The Hoard Multiprocessor Memory Allocator

...if you'll be running on multiprocessor machines, ... use Emery Berger's excellent Hoard multiprocessor memory management code. It's a drop-in replacement for the C and C++ memory routines and is very fast on multiprocessor machines. Debugging Applications for Microsoft .NET and Microsoft Windows, Microsoft Press, 2003

The Hoard memory allocator is a fast, scalable, and memory-efficient memory allocator for shared-memory multiprocessors. It runs on a variety of platforms, including Linux, Solaris, and Windows. Hoard is a drop-in replacement for malloc(), etc. No change to your source is necessary. Just link it in or set just one environment variable (see Using Hoard for more information). Hoard can dramatically improve the performance of multithreaded programs running on multiprocessors.

Why Hoard?

There are a number of problems with existing memory allocators that make Hoard a better choice.

Contention

Multithreaded programs often do not scale because the heap is a bottleneck. When multiple threads simultaneously allocate or deallocate memory from the allocator, the allocator will serialize them. Programs making intensive use of the allocator actually slow down as the number of processors increases. Your program may be allocation-intensive without you realizing it, for instance, if your program makes many calls to the C++ Standard Template Library (STL).

False Sharing

The allocator can cause other problems for multithreaded code. It can lead to false sharing in your application: threads on different CPUs can end up with memory in the same cache line, or chunk of memory. Accessing these falsely-shared cache lines is hundreds of times slower than accessing unshared cache lines.

Blowup

Multithreaded programs can also lead the allocator to blowup memory consumption. This effect can multiply the amount of memory needed to run your application by the number of CPUs on your machine: four CPUs could mean that you need four times as much memory.
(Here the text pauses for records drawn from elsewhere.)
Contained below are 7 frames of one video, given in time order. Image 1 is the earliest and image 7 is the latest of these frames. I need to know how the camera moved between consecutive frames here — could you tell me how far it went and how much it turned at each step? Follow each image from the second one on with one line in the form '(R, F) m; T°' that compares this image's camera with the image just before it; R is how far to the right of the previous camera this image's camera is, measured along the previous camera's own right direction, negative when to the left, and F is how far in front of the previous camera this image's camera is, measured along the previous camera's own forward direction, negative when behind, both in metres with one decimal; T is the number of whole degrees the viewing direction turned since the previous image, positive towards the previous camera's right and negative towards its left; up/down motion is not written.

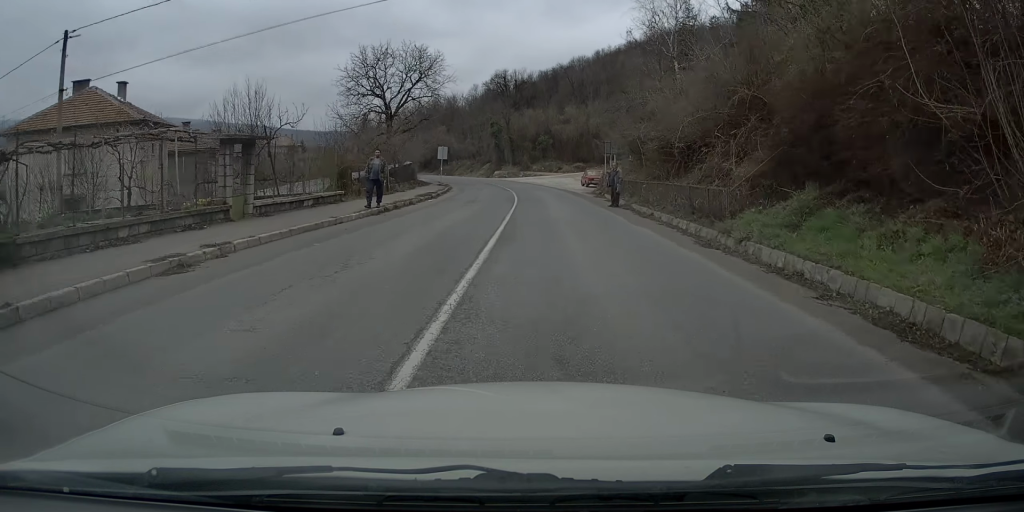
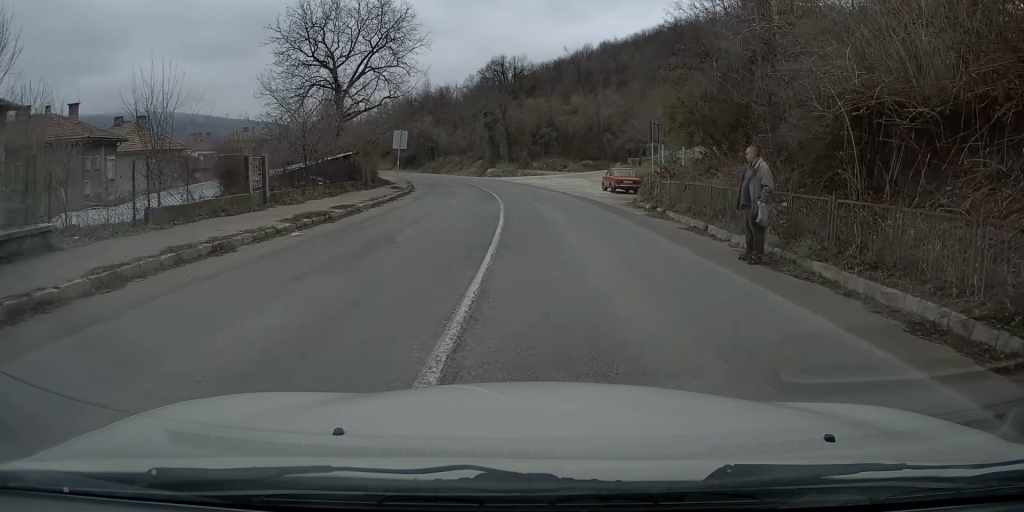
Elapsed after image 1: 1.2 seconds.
(-0.3, +16.6) m; 0°
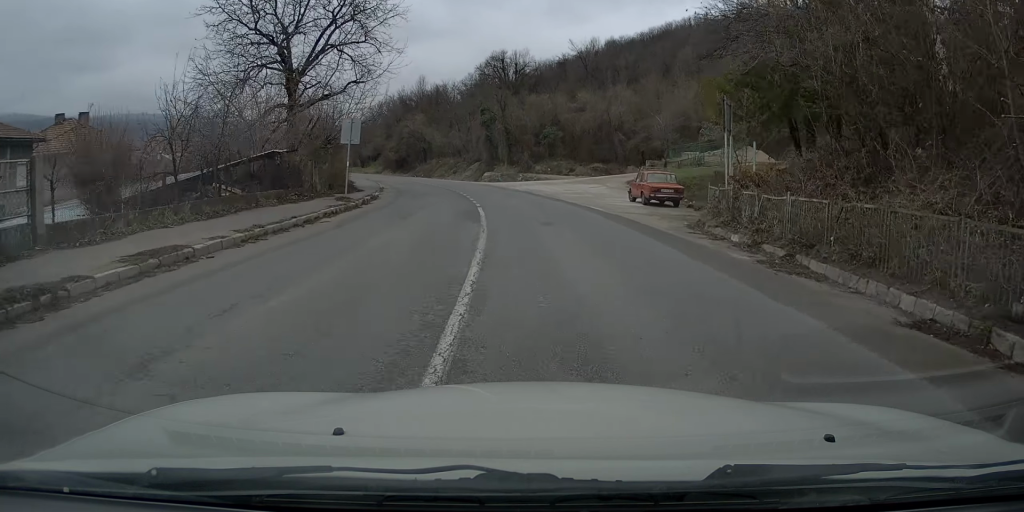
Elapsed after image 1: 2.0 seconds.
(0.0, +9.8) m; 0°
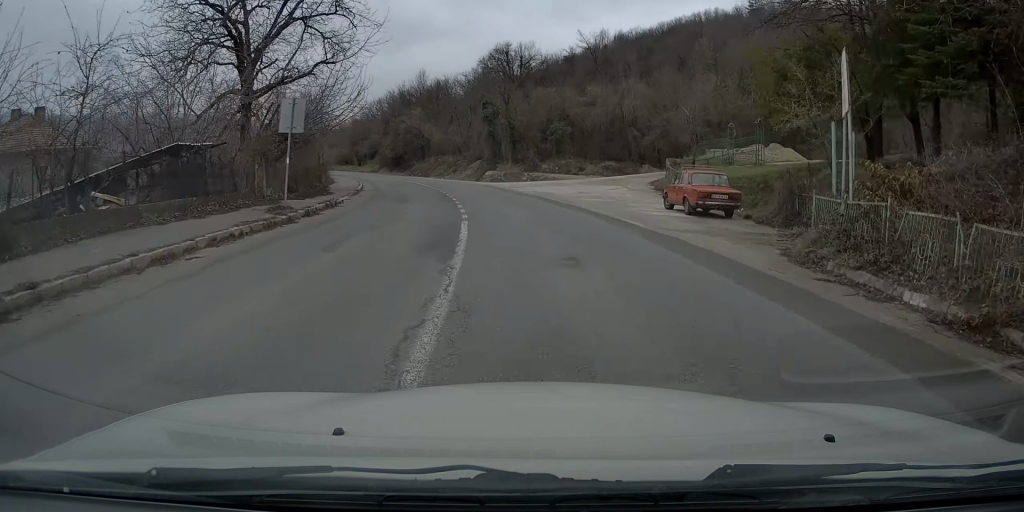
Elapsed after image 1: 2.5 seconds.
(+0.1, +6.6) m; 0°
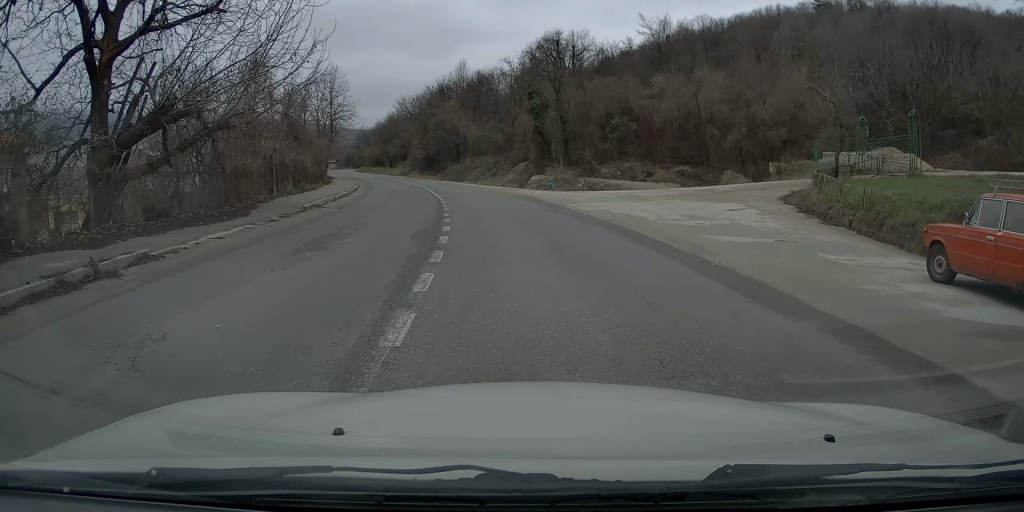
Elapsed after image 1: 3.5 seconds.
(-0.1, +13.9) m; -1°
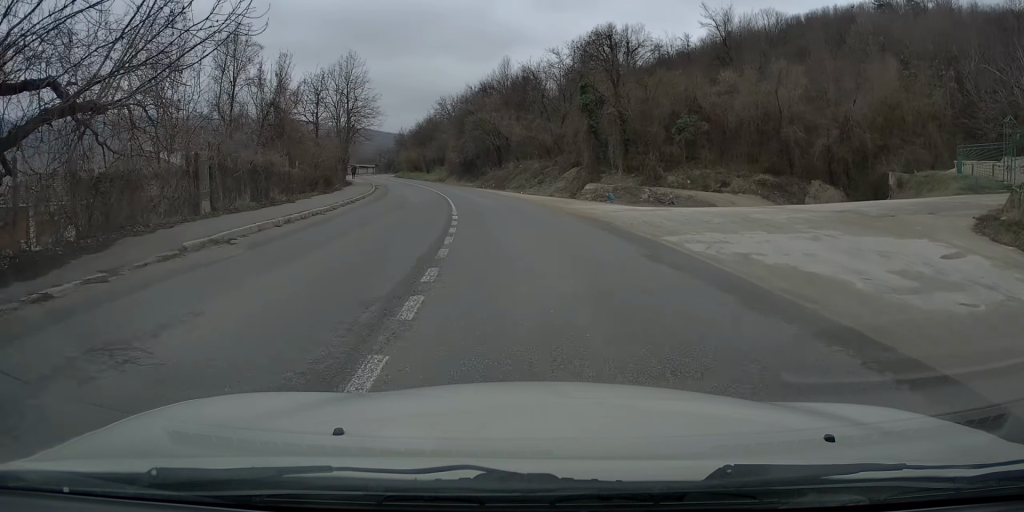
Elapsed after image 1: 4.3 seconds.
(-0.1, +9.4) m; -3°
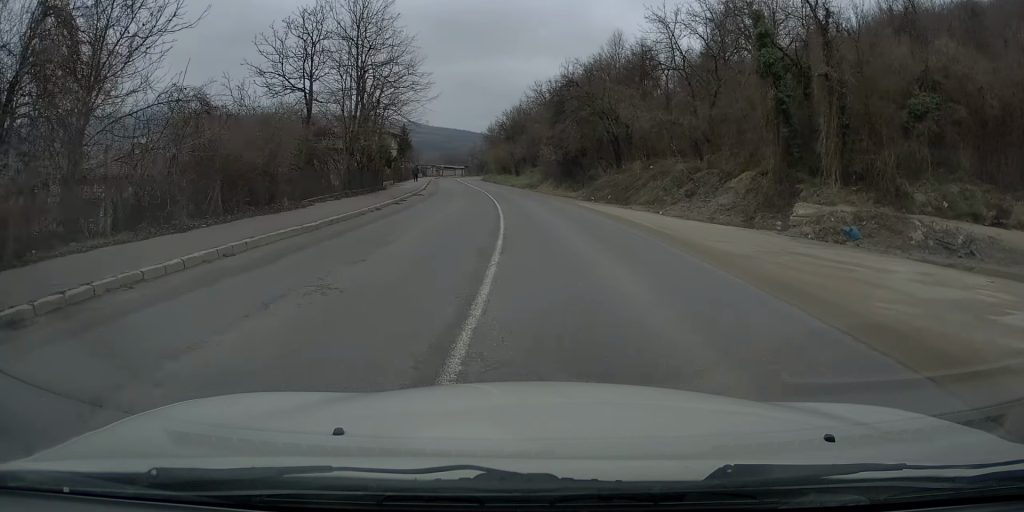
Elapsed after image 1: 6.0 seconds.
(-1.9, +22.0) m; -10°

Hoard is a fast allocator that solves all of these problems.

Press

Intel highlights the benefits of using Hoard (a previous, slower version) on a 4-way Xeon system.

Sun concludes that Hoard is more space-efficient than their own allocators.

Who's Using Hoard?

Companies using Hoard in their products and servers include AOL, British Telecom, Business Objects (formerly Crystal Decisions), Entrust, Novell, OpenWave Systems (for their Typhoon and Twister servers), and Reuters.

Open source projects using Hoard include the Bayonne GNU telephony server, the Cilk parallel programming language, the Dartmouth Scalable Simulation Framework, and the GNU Common C++ system.

Hoard is also a part of several major Linux distributions, including Debian and Novell's SuSe.

More Information

The first place to look for Hoard-related information is at the Hoard web page, www.hoard.org.

There are two mailing lists you should join if you are a user of Hoard. If you are just interested in being informed of new releases, join the Hoard-Announce list. For general Hoard discussion, join the Hoard mailing list. You can also search the archives of these lists.

Technical Information

For technical details of a previous version of Hoard, read Hoard: A Scalable Memory Allocator for Multithreaded Applications, by Emery D. Berger, Kathryn S. McKinley, Robert D. Blumofe, and Paul R. Wilson. The Ninth International Conference on Architectural Support for Programming Languages and Operating Systems (ASPLOS-IX). Cambridge, MA, November 2000.